Other speakers at the session seconded Alekseyeva’s disturbing conclusion. Mikhail Kasyanov, the leader of the Russian Popular Democratic Union, said that Putin had told the FSB officers that his rise to power showed that the Chekisty, as its officers are still known, had taken control of the situation.

When he heard this in December 2000, on the anniversary of the formation of the Soviet secret police, Kasyanov said, he thought it was a not particularly clever joke, “but all the succeeding years showed that this was not a joke,” either for Putin, the FSB or the Russian Federation.

The FSB today, he continued, “has access not only to political power but also to financial flows, which is no less terrible,” and its officers “really think that they are the real saviors of Russia,” having on the basis of their action “rescued” the country after it had gone through the turmoil of the 1990s.

The willingness and ability of the FSB and its representatives in the political establishment to ignore the law in pursuit and defense of power was not so obvious when times were good, Kasyanov said, but now that the country is in economic difficulties, this tendency “has become more than obvious” and the actions of the organs ever more violent.

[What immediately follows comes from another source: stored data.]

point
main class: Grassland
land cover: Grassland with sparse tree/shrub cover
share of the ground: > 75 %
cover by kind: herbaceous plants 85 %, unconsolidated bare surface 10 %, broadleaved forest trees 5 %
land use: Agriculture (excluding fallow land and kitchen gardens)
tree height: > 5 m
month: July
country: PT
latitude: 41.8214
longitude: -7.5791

A third speaker at this meeting, Academician Yury Ryzhov spoke about what he called “the unprecedented cynicism of the powers that be.” They seem to have decided that Russia needs only 40 million residents to handle the export of oil and gas, and consequently “the other 100 million [Russians] are superfluous.”

Even as this discussion was taking place, many in still relatively free Russian Internet and among the political opposition suggested that with the crescendo of attacks against independent journalists and rights activists like Lev Ponomaryev, the regime has moved toward open terror against the opposition” (forum.msk.ru/material/news/795206.html).

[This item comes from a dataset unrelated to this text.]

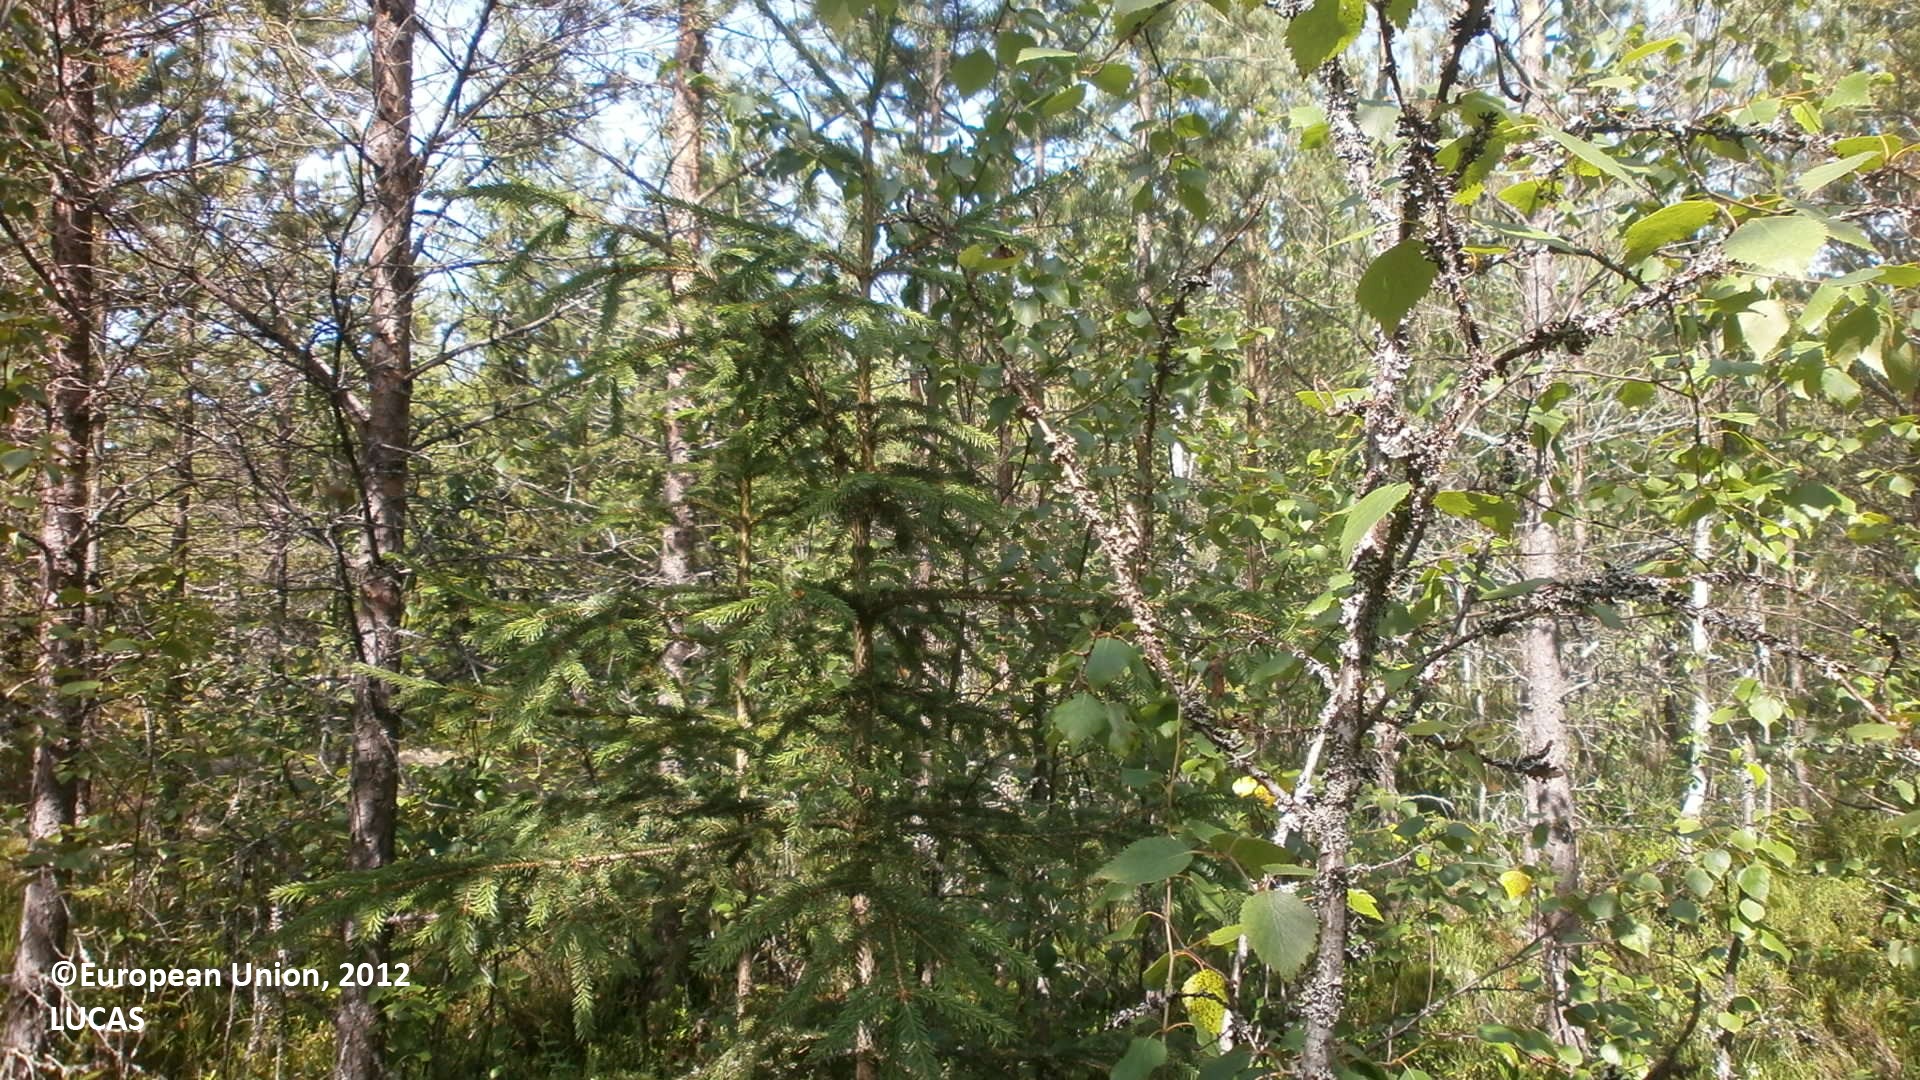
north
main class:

The Ponomaryev case has attracted international attention. Reportedly, US President Barak Obama raised it with his Russian counterpart Dmitry Medvedev at their London meeting. But it is only one of a series of attacks, many of which the authorities have refused to investigate fully and openly.

In cataloguing these crimes, Yabloko party leader Sergey Mitrokhin echoes Alekseyeva and Kasyanov when he notes that such actions are “a challenge to society and to the state itself,” even if many in both places do not understand that, preferring to accept the mistaken notion that those attacked somehow had it coming.

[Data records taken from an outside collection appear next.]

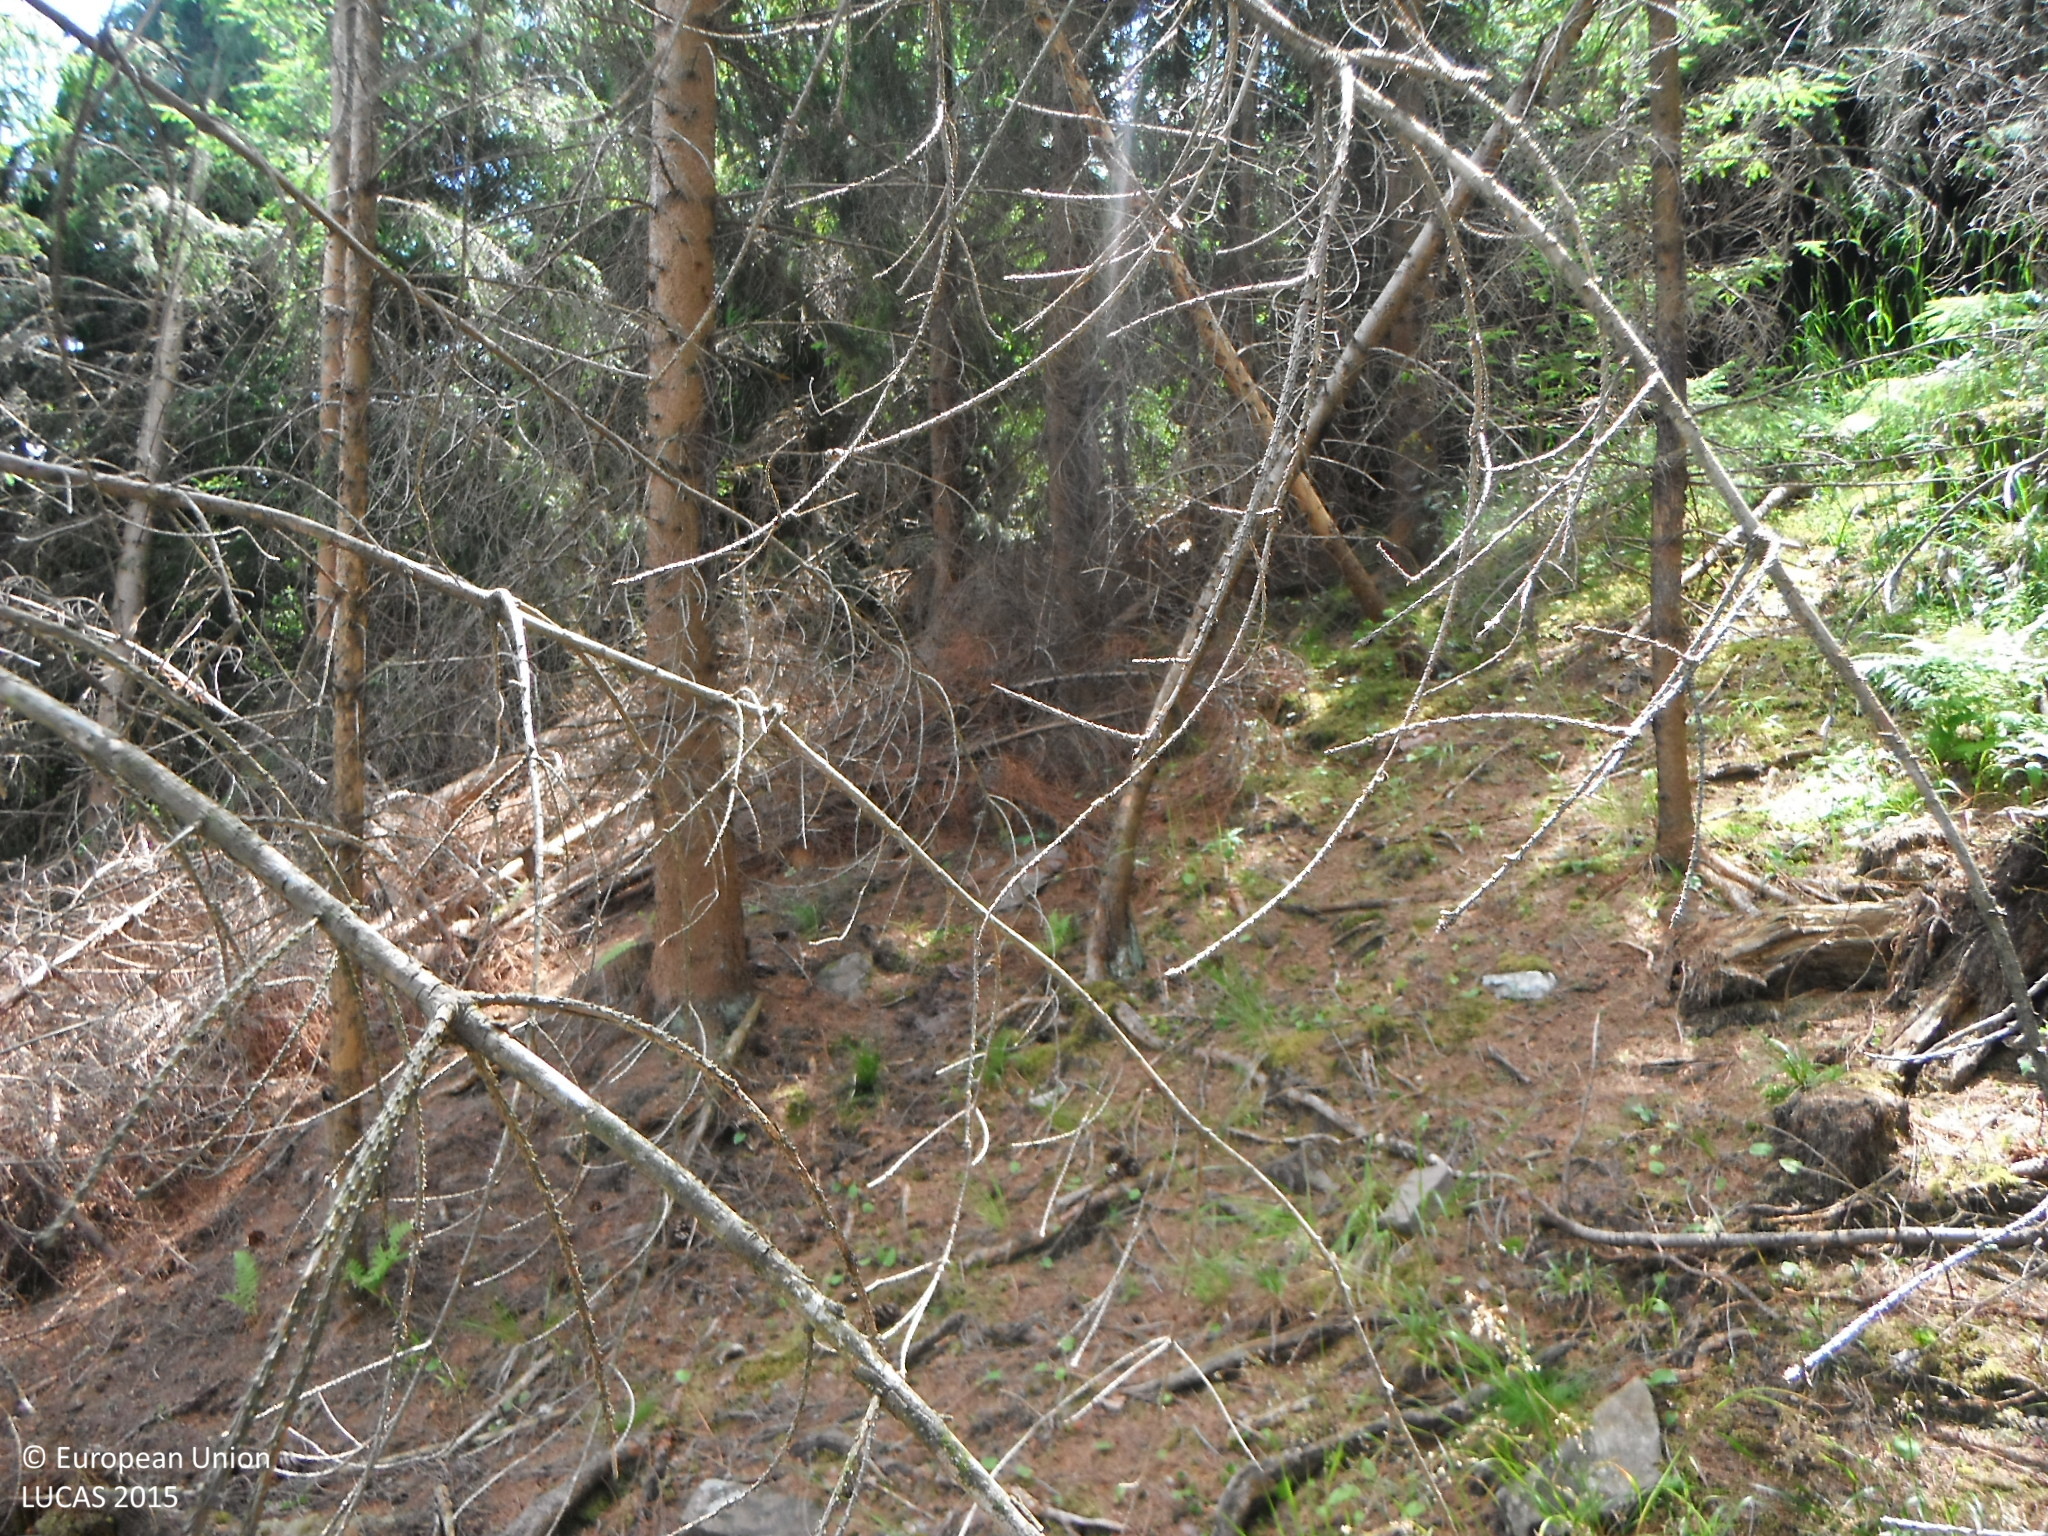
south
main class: Woodland
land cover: Spruce dominated coniferous woodland
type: alpine coniferous forest
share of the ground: > 75 %
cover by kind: coniferous forest trees 85 %, consolidated bare surface 10 %, lichens and mosses 5 %
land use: Forestry
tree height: > 5 m
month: July
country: SK
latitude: 48.9812
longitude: 20.2123

Perhaps the most succinct and accurate description of these actions against journalists and rights activists like Ponomaryev, however, has been offered by the Russian Solidarity Movement. It released a statement declaring that tragically, such increasingly frequent attacks are “the visiting card of Putin’s Russia” (www.sobkorr.ru/news/49D3B08952....

If violent actions not surprisingly attract the most attention, they are far from the only way in which Russia’s security services are restoring noxious aspects of the Stalinist past. Life.ru this week, for example, reports on the return of the system under which ordinary citizens either volunteer or are compelled to serve as confidential informants of the regime.

In the archive of Stanislav Markelov, the lawyer who had represented the family of the victim of Russian Colonel Yury Budanov and who was killed on January 19th of this year, the Internet journal says, there was a list of new “seksots” – or “secret collaborators” of the Ministry of Internal Affairs (grani.ru/Politics/Russia/m.149407.html).

This list included the names, pseudonyms, contact information, and “commentaries by MVD workers on their ‘usefulness,’ and Life.ru suggested, according to the Grani.ru report, that Markelov “had been able to use information from it for conducting his own investigations” into various crimes with which officials were associated.

But even if someone like Markelov could turn the seksot system against its creators, its re-establishment is extremely dangerous: it will increase the atomization of Russian society by sowing distrust, a trend the current regime appears to welcome precisely because that development precludes the emergence of a civil society capable of resisting the powers that be.